ABOUT THIS EXERCISE: Your answer must be an exact copy of the lines from the one holding "Born in N. C" through the last line of the entries below, with nothing added.
MATERIAL PROVIDED START
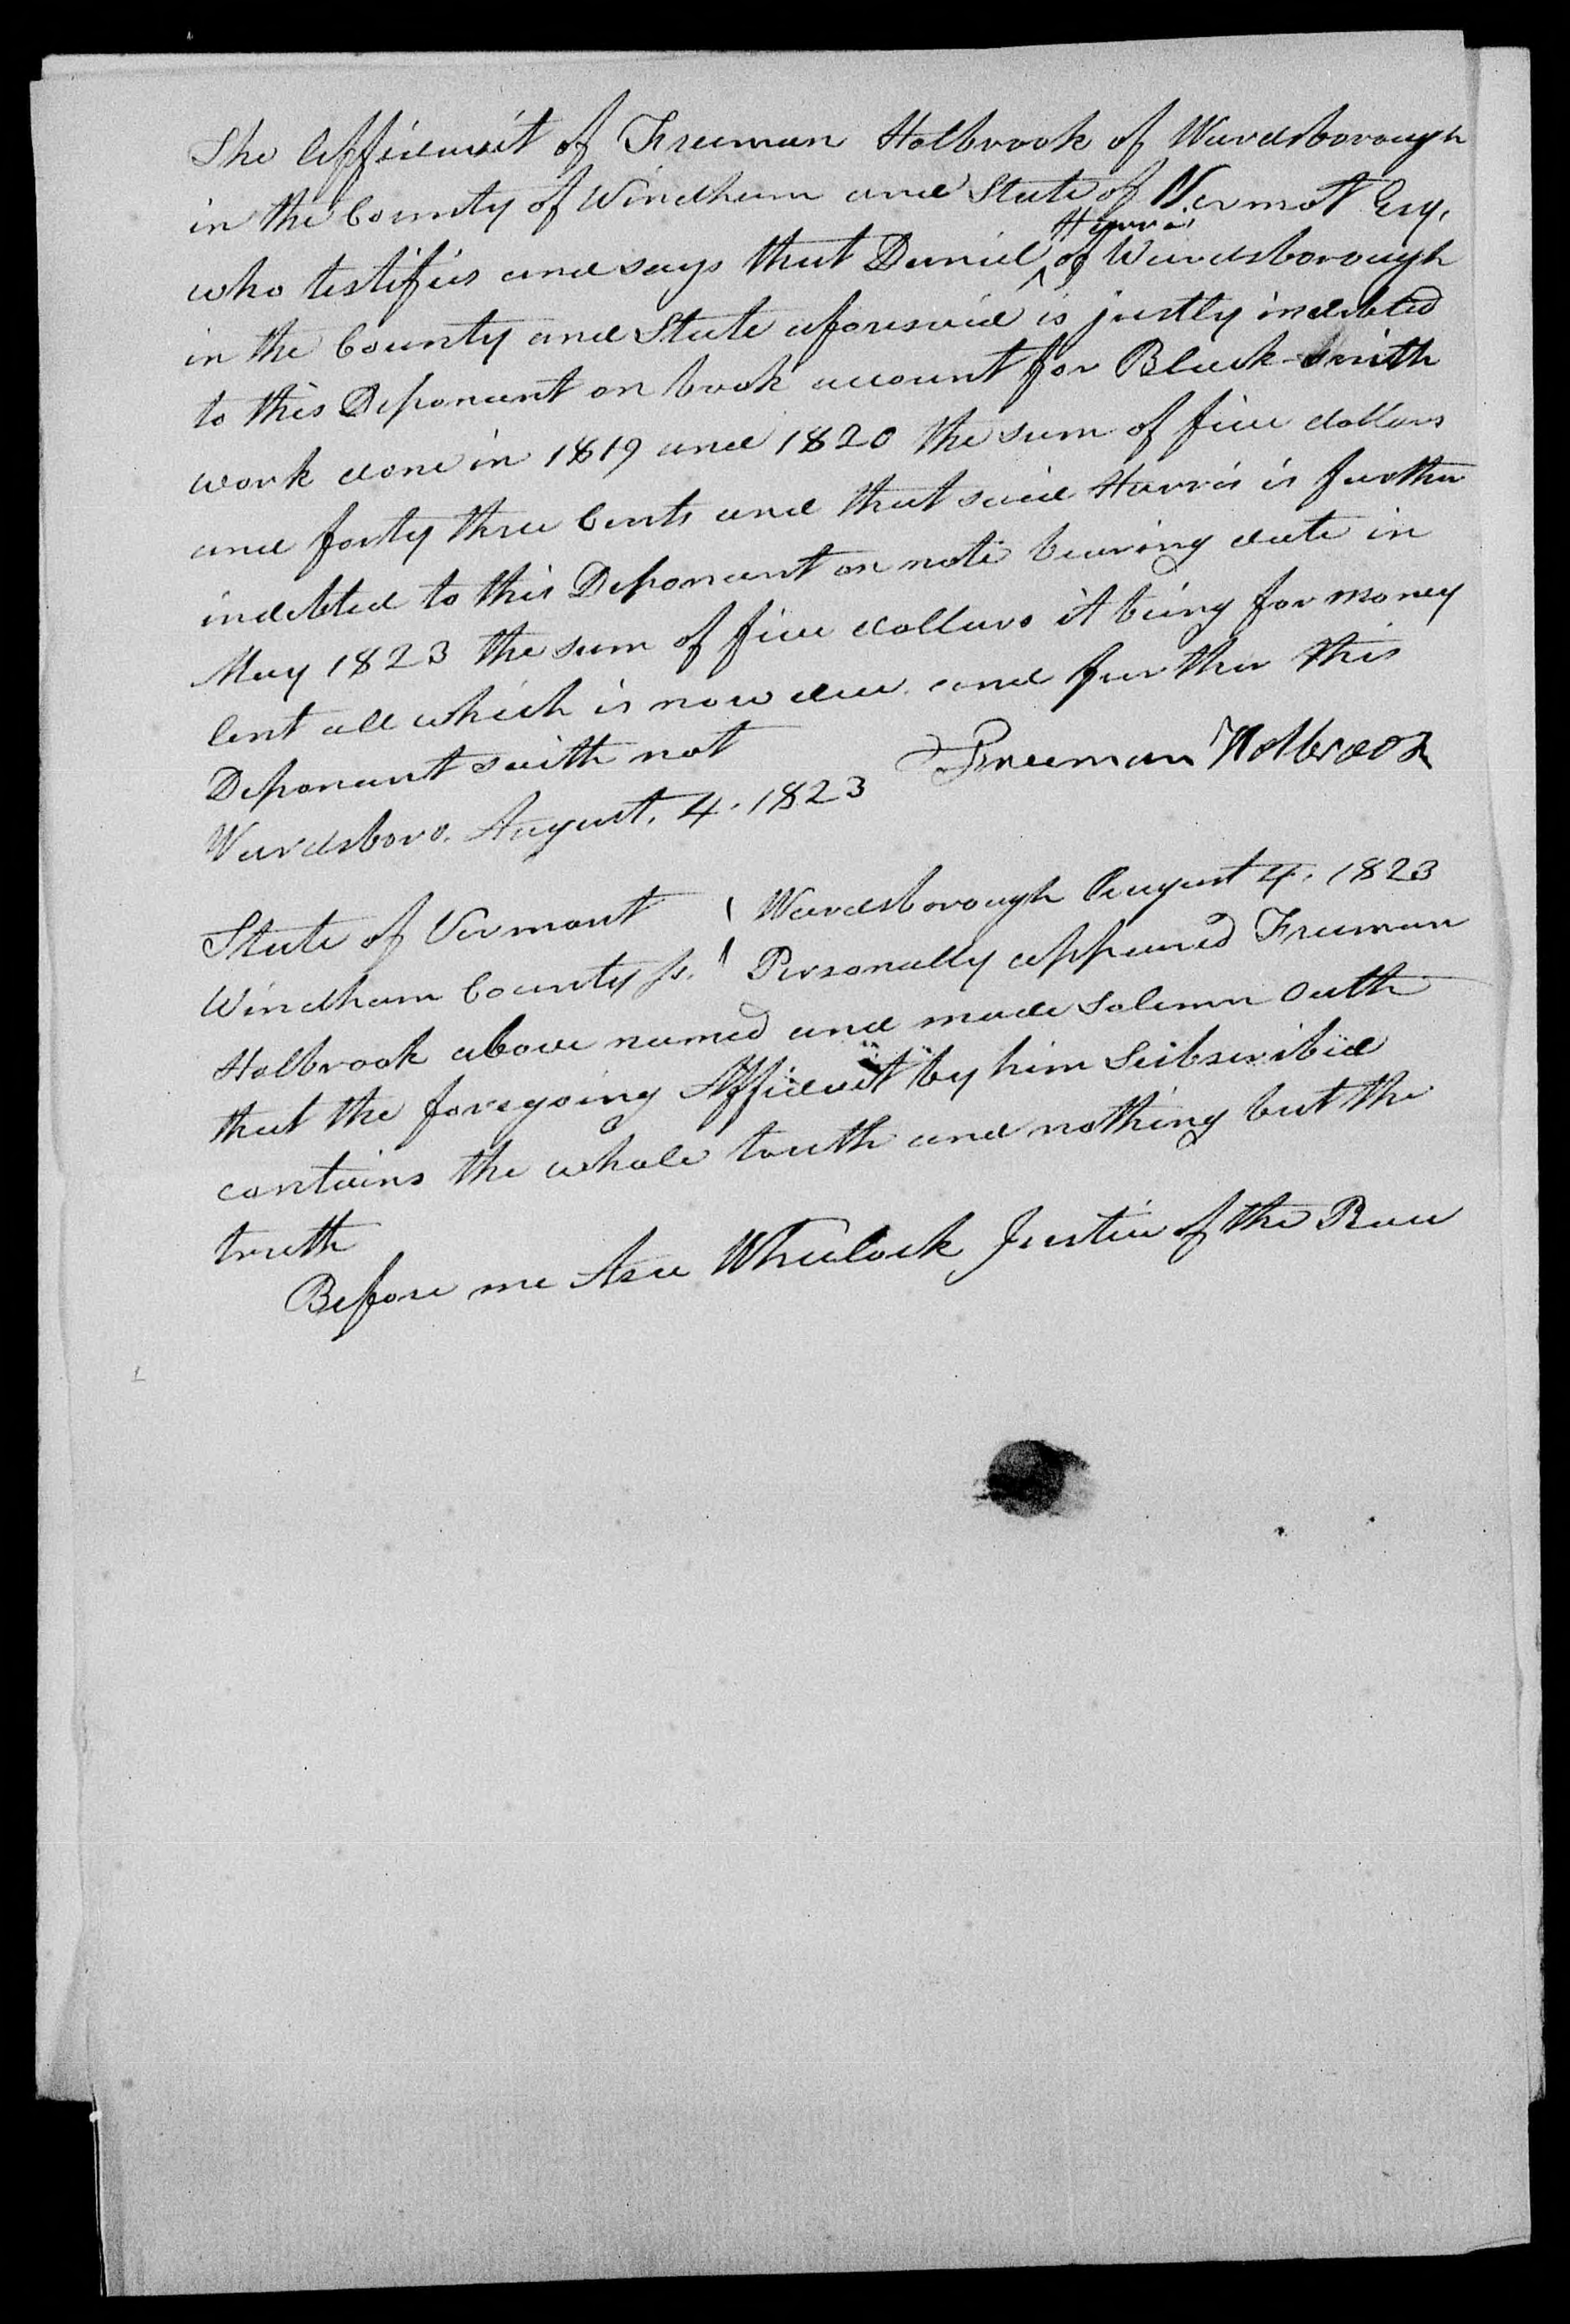The affidavit of Freeman Holbrook of Wardsborough in the County of Windham and State of Vermont Esq who testifies and says that Daniel Harris of Wardsborough in the County and State aforesaid is justly indebted to this deponant on book account for Black Smith work done in 1819 and 1820 the sum of five dollars and forty three cents and that said Harris is further indebted to this deponant on note bearing date in May 1823 the sum of five dollars it being for money lent all which is now due and further this deponant is with not.
Wardsboro, August 4, 1823  
Freeman Holbrook

State of Vermont Wardsborough August 4, 1823
Windham County ss. Personally appeared Freeman Holbrook above named and made solemn oath that the foregoing affidavit by him subscribed contains the whole truth and nothing but the truth.
Before me Asa Wheelock Justice of the Peace

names: Freeman Holbrook, Freeman Holbrook, Harris, Freeman Holbrook, Asa Wheelock, Daniel Harris
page: 61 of 68
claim: survivor's
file: S. 29,877, Daniel Harris, Mass.
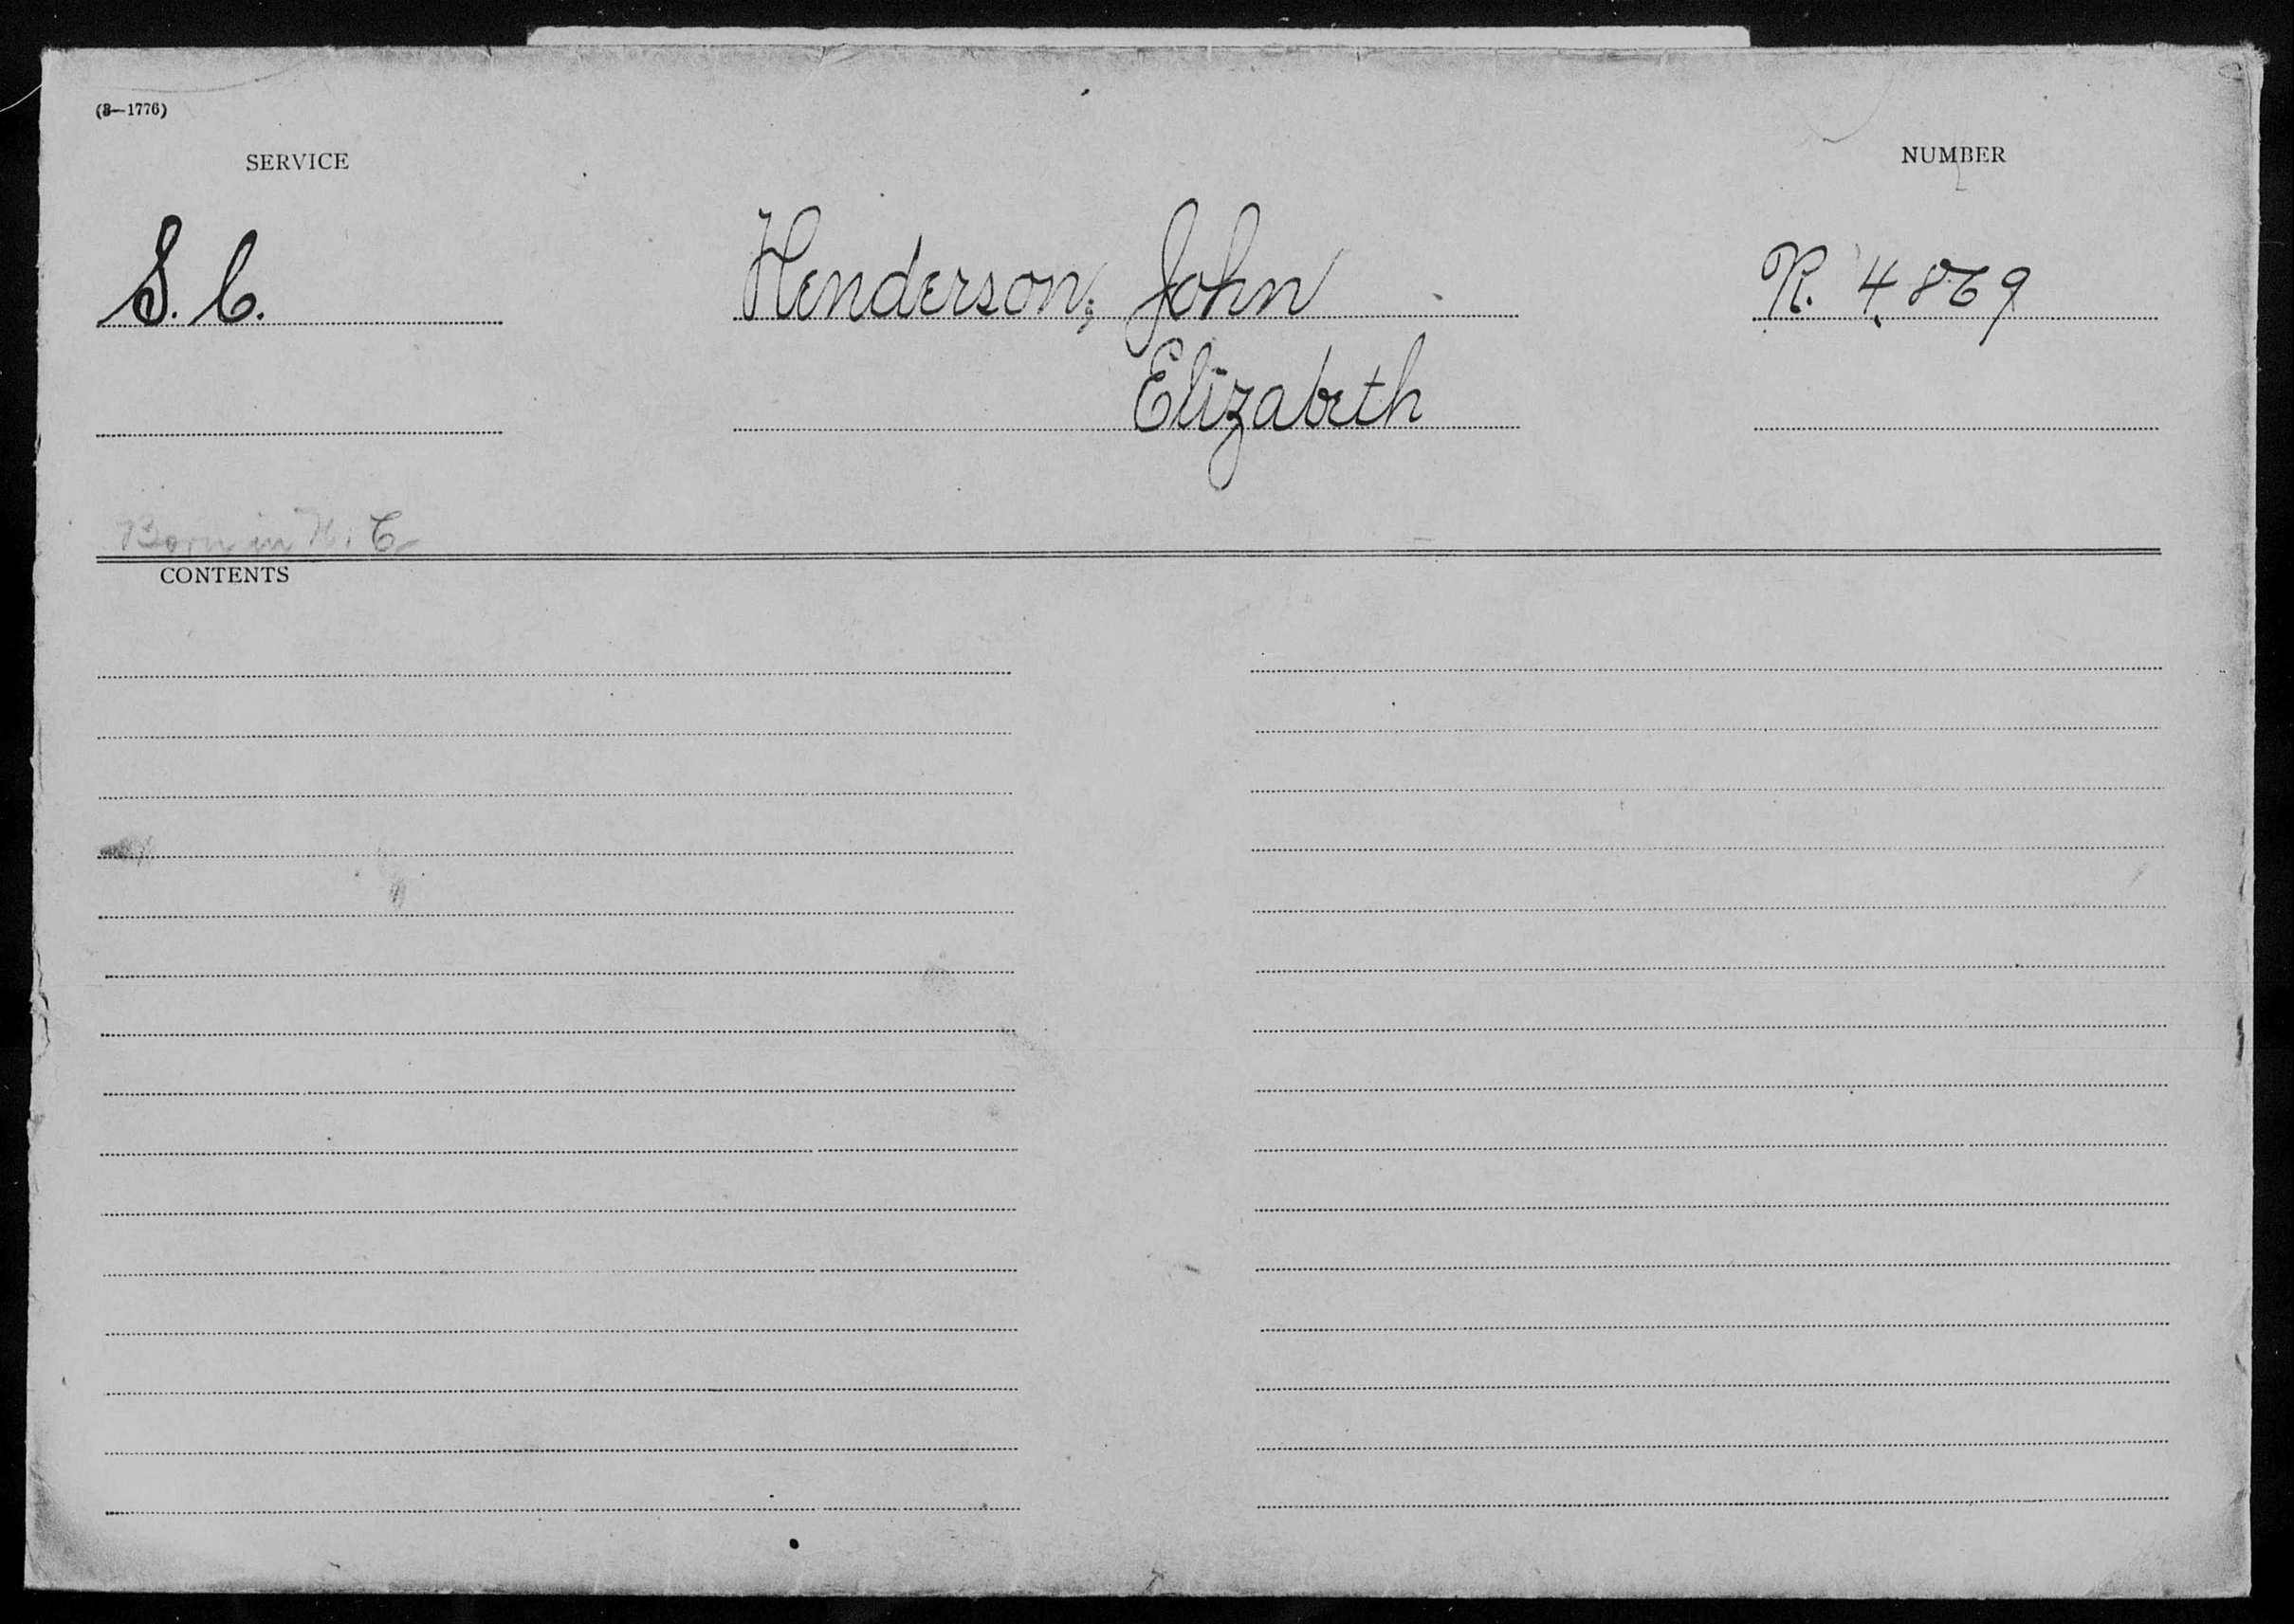(3 - 1776)

SERVICE
S. C.

Henderson, John
Elizabeth

NUMBER
R. 4869

Born in N. C
CONTENTS

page: 1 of 40
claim: rejected
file: R. 4,869, John Henderson, S.C.
MATERIAL PROVIDED END
PROBLEM SOLUTION:
Born in N. C
CONTENTS

page: 1 of 40
claim: rejected
file: R. 4,869, John Henderson, S.C.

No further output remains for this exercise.